When the bending moment value under the maximum rotation angle of the node is smaller than 0.1 times of the bending moment value just under the node, the node can be approximately regarded as hinging. The stiffness formula of the disc spring set 7 is shown as follows, wherein K is the stiffness of a single disc spring, N is the number of parallel disc springs, and M is the number of series disc springs:

K _{parallel connection} ＝N·K

The theoretical formula of the rotational stiffness of the variable stiffness steel structure in this embodiment is:

wherein: l is the length of the embedded part 6, K _{Disc spring set} The rigidity of the single-side disc spring set can be obtained according to the serial-parallel connection relation of the disc spring set 7.

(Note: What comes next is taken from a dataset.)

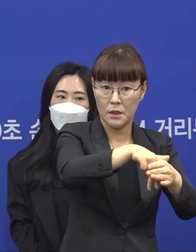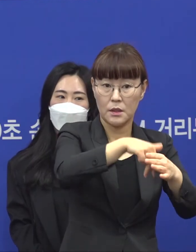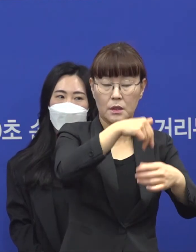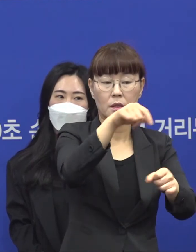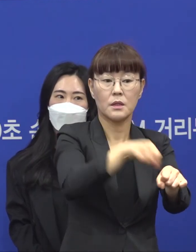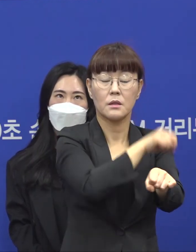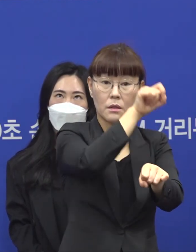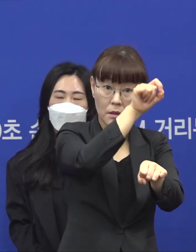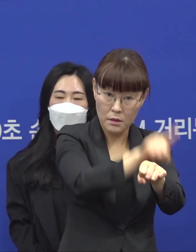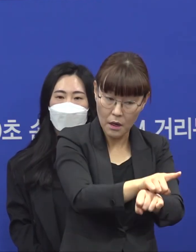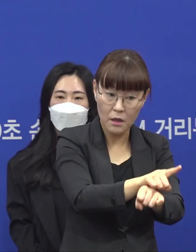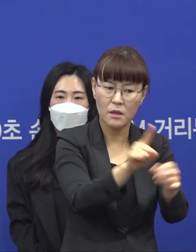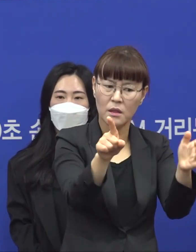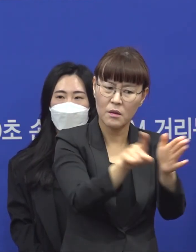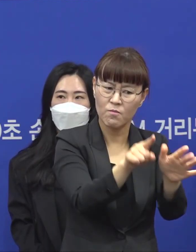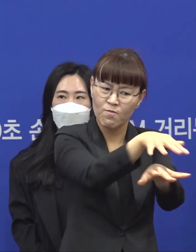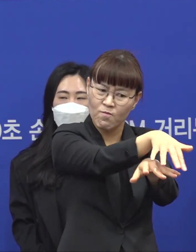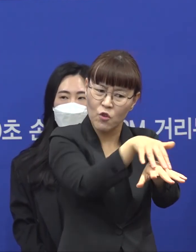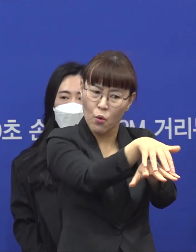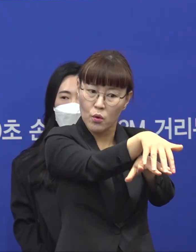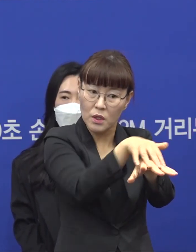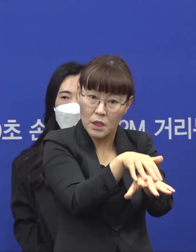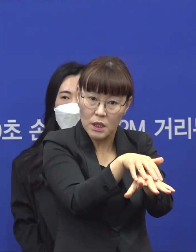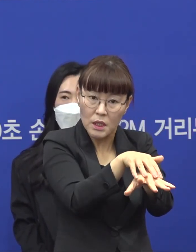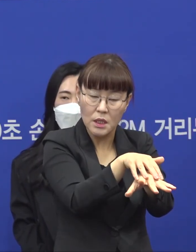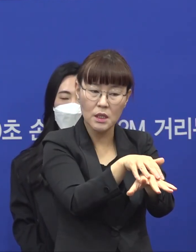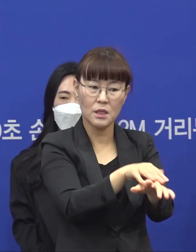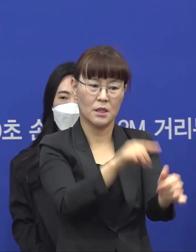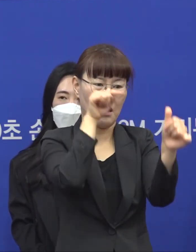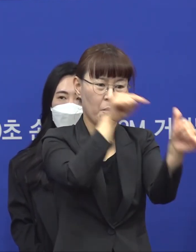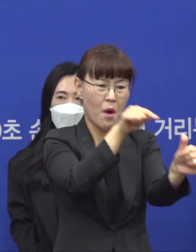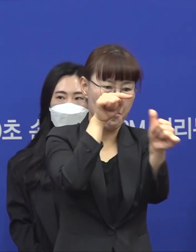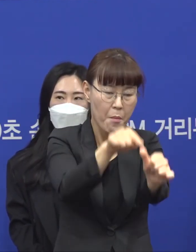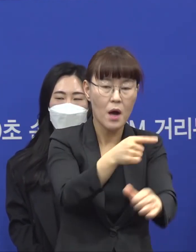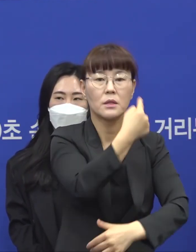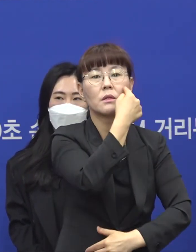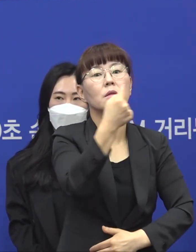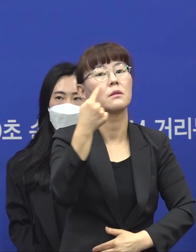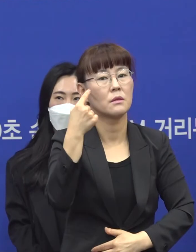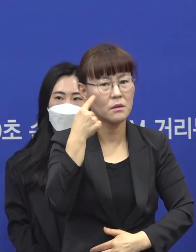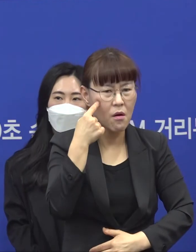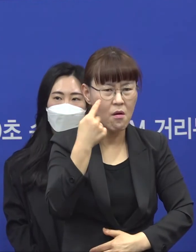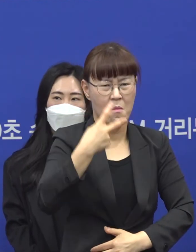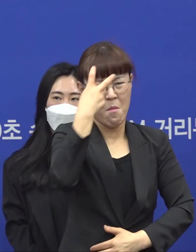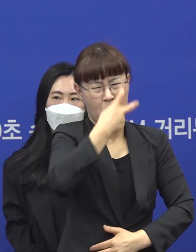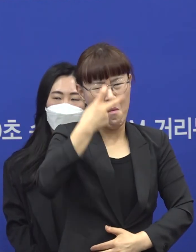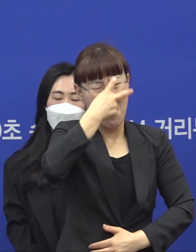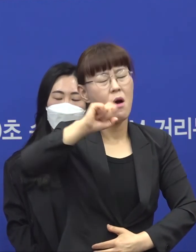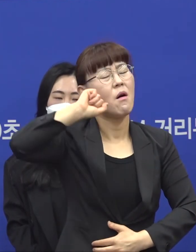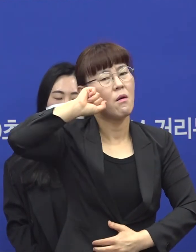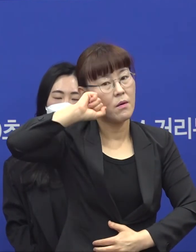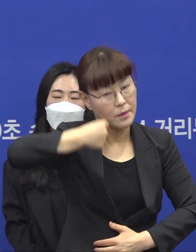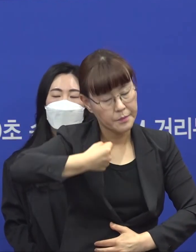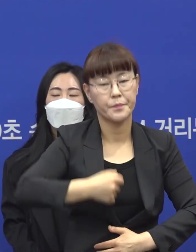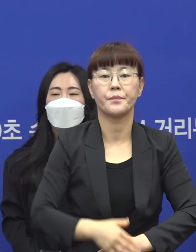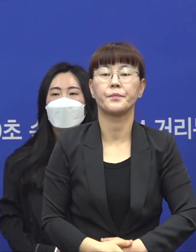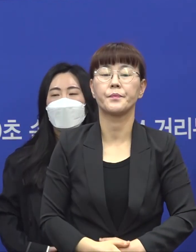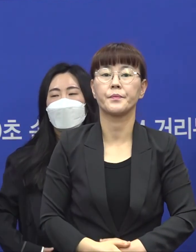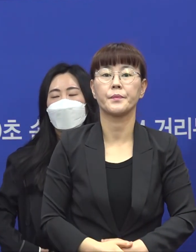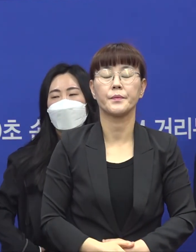특성상 교단 내부의 조직과 구체적 지시 등에 대해서 증거를 찾기가 쉽지가 사실 않습니다.

As shown in fig. 1-3, the design of the single/dual stiffness node in this embodiment takes into account the following principles:

(1) According to engineering actual requirements, whether the guide side wall 5 is required to be configured to realize unidirectional rotation is judged.

(2) Under the expected least adverse working condition, the rotation angle of the node is not more than 0.8 times of the deformation amount of the node disc spring group 7, and meanwhile, each component in the node area keeps an elastic state.

(3) The design of each component of the node area is specifically referred to in GB 50017-2017.

The beneficial effects of this embodiment are: the device is used in a steel structure to realize the rotation of a steel structure node, the rotation rigidity of the node is variable through different combinations of the disc springs, and when the rigidity of the disc spring group is extremely low, the node can be considered to be in a hinged state; the arrangement of the guide side wall can further control the unidirectional rotation or the bidirectional rotation of the node.

Claims (4)

1. The utility model provides a become rigidity steel construction node, sets up between concrete buttress and steel component, its characterized in that become rigidity steel construction node includes built-in fitting, cushion, bolt and disc spring group, the built-in fitting is located the top surface of concrete buttress, the cushion set up in the built-in fitting with between the steel component, the screw rod head end of bolt pre-buried in the concrete buttress, the link of screw rod protrusion in the built-in fitting and extend into in the steel component, be equipped with on the screw rod link of bolt disc spring group and fasten through the nut.

2. The variable-rigidity steel structure node of claim 1, wherein four preformed holes are formed in the embedded part for the threaded rods of the bolts to pass through, and the number of the bolts corresponds to the number of the preformed holes.

3. The variable-rigidity steel structure node of claim 1, wherein guide side walls are arranged on two sides of the embedded part, bottom edges of the guide side walls are welded on the embedded part, and inner side wall surfaces of the guide side walls are abutted against the bottom of the steel member to form guide limit.

4. A variable stiffness steel structure joint according to claim 1, wherein the disc spring group is formed by combining a plurality of disc springs, and each disc spring is combined in a parallel or serial mode.